Final answer:
A function in mathematics describes a relationship where each input (x) is paired with exactly one output (y). In a linear function, this is formulated with a linear equation such as y = mx + b. A function requires that every x has a corresponding y, but not necessarily the other way around.
Step-by-step explanation:
A function in mathematics describes a specific type of relationship between sets of numbers where each input value (or x) is associated with one, and only one, output value (or y). This means that in a function for every value of x, there is a single corresponding value of y. A linear function, which is often used in economic models, can be represented algebraically with a linear equation of the form y = mx + b, where m is the slope and b is the y-intercept. Graphically, this relationship can be expressed by plotting data pairs on a coordinate grid, forming a straight line, if the relationship is indeed linear.

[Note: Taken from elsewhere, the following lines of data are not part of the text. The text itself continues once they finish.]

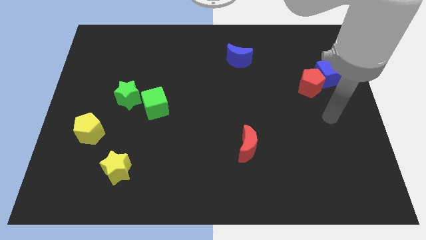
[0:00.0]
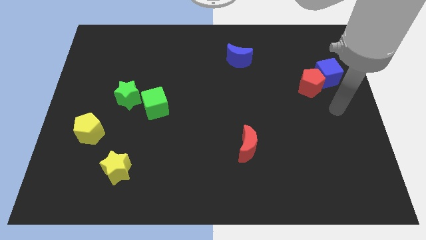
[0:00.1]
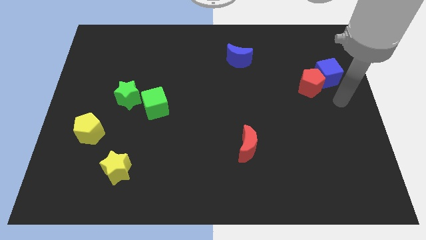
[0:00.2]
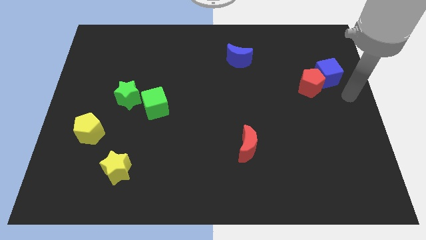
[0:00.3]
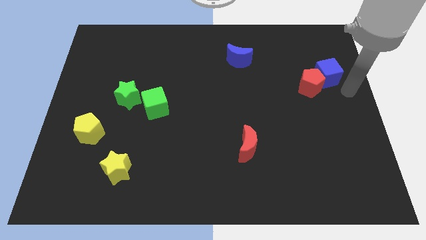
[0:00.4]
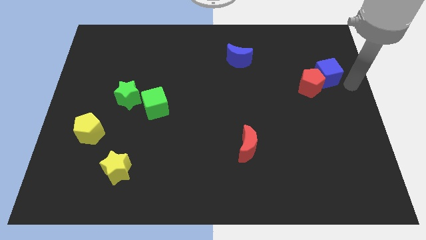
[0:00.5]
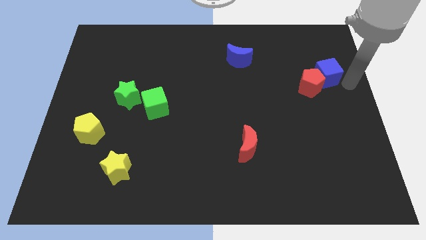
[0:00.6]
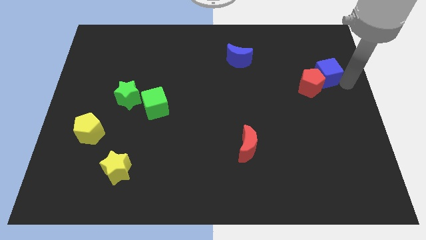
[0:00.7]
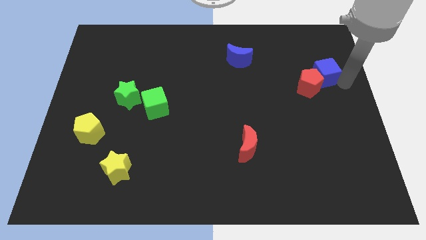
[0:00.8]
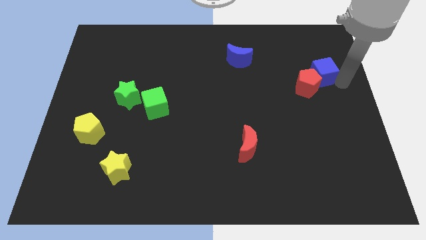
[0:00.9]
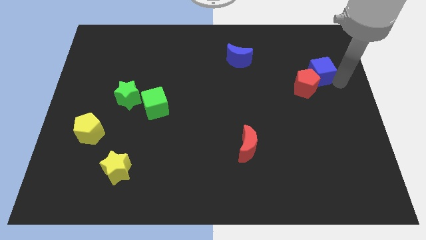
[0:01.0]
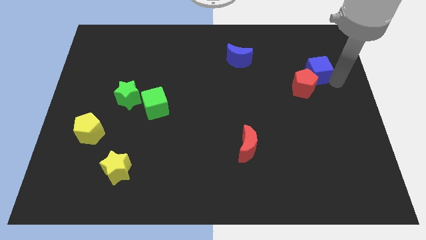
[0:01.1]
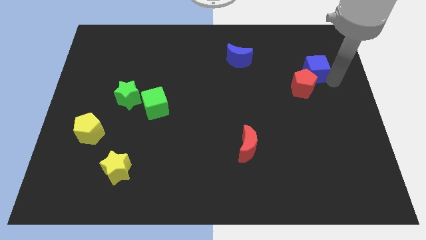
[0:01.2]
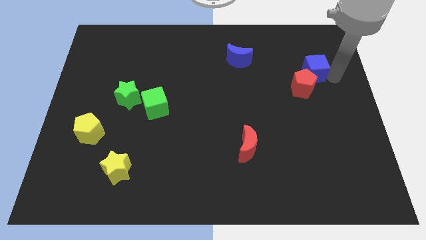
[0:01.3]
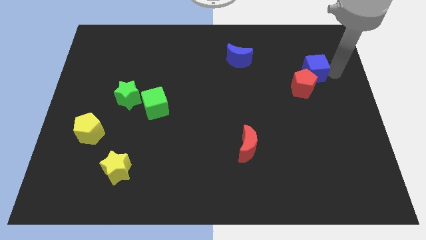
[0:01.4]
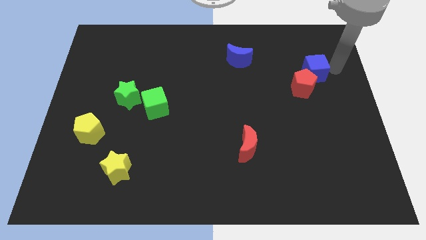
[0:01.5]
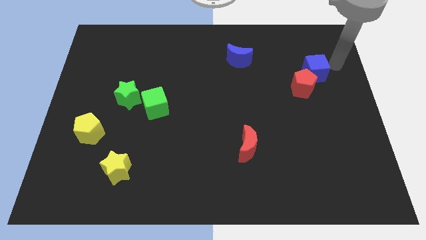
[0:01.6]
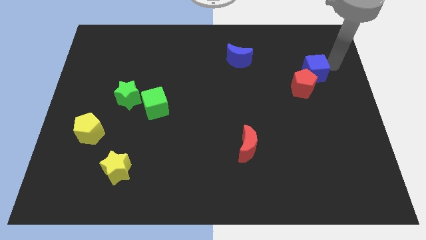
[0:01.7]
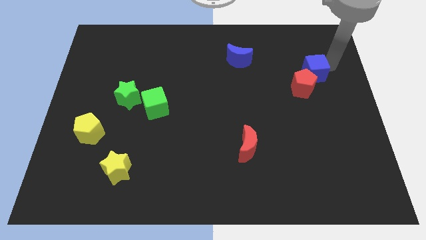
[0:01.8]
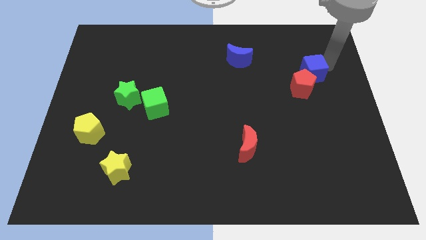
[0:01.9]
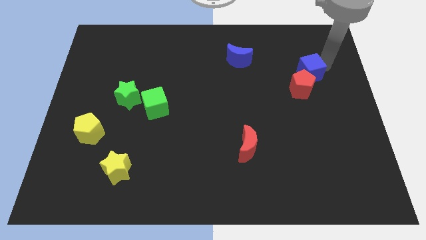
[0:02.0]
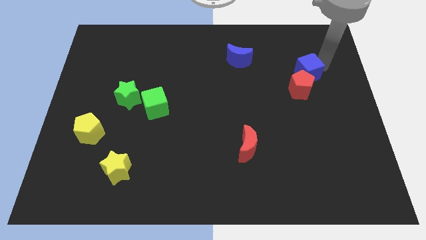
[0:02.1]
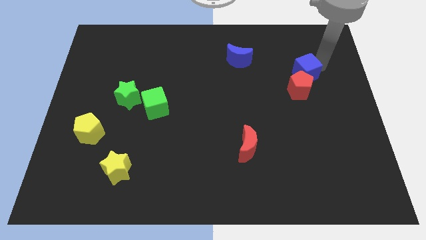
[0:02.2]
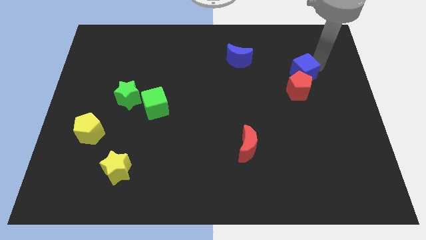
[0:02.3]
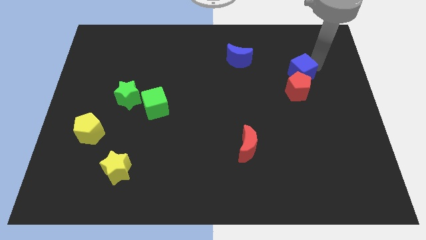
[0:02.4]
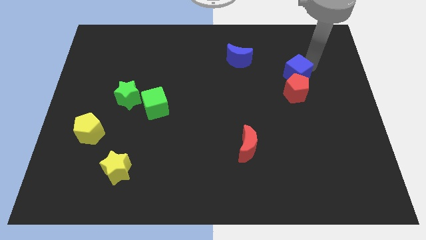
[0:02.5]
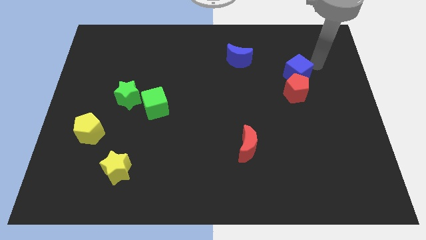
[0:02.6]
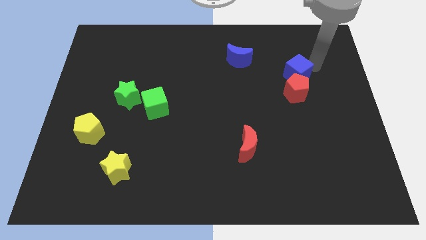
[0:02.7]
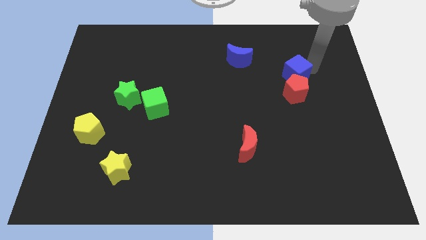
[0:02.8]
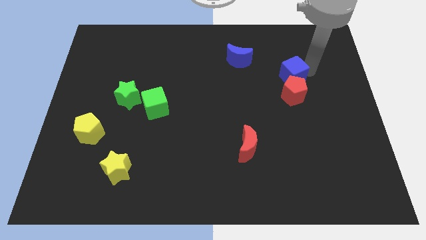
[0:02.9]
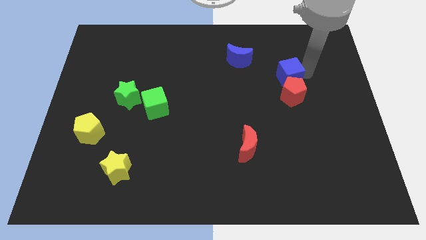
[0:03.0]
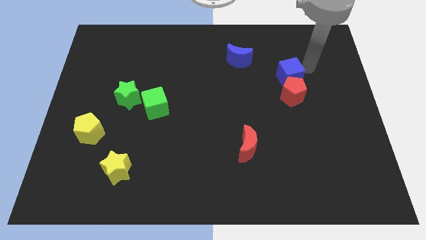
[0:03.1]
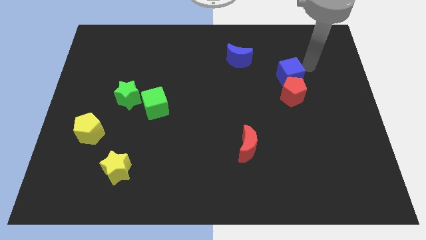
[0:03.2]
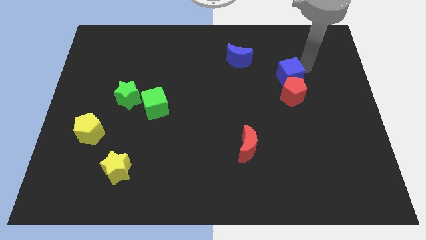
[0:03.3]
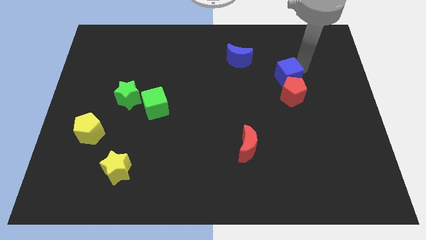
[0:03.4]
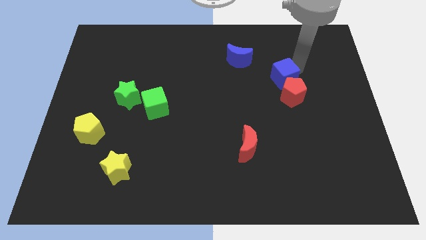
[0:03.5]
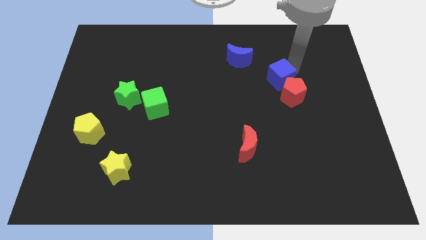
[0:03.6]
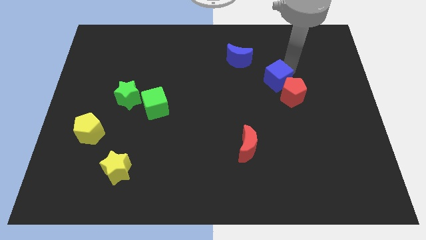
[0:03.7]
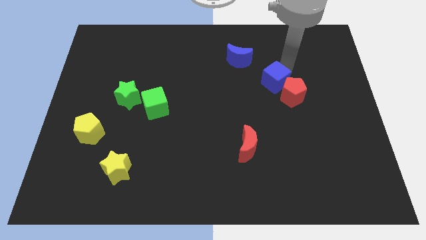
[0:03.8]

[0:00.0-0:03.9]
move the blue cube just left of the red pentagon

When considering the options provided in the question:
- a. Each x is associated with multiple y values. This is not true for a function, as functions require that each x has only one corresponding y value.
- b. Each y is associated with multiple x values. This can be true for functions, as nothing in the definition of a function prohibits this.
- c. One-to-one correspondence between x and y. This is true for some functions, specifically, one-to-one functions, but not all functions must exhibit this characteristic.
- d. Some x values have no corresponding y values. This is not correct, as a function must have a corresponding y value for each element in its domain.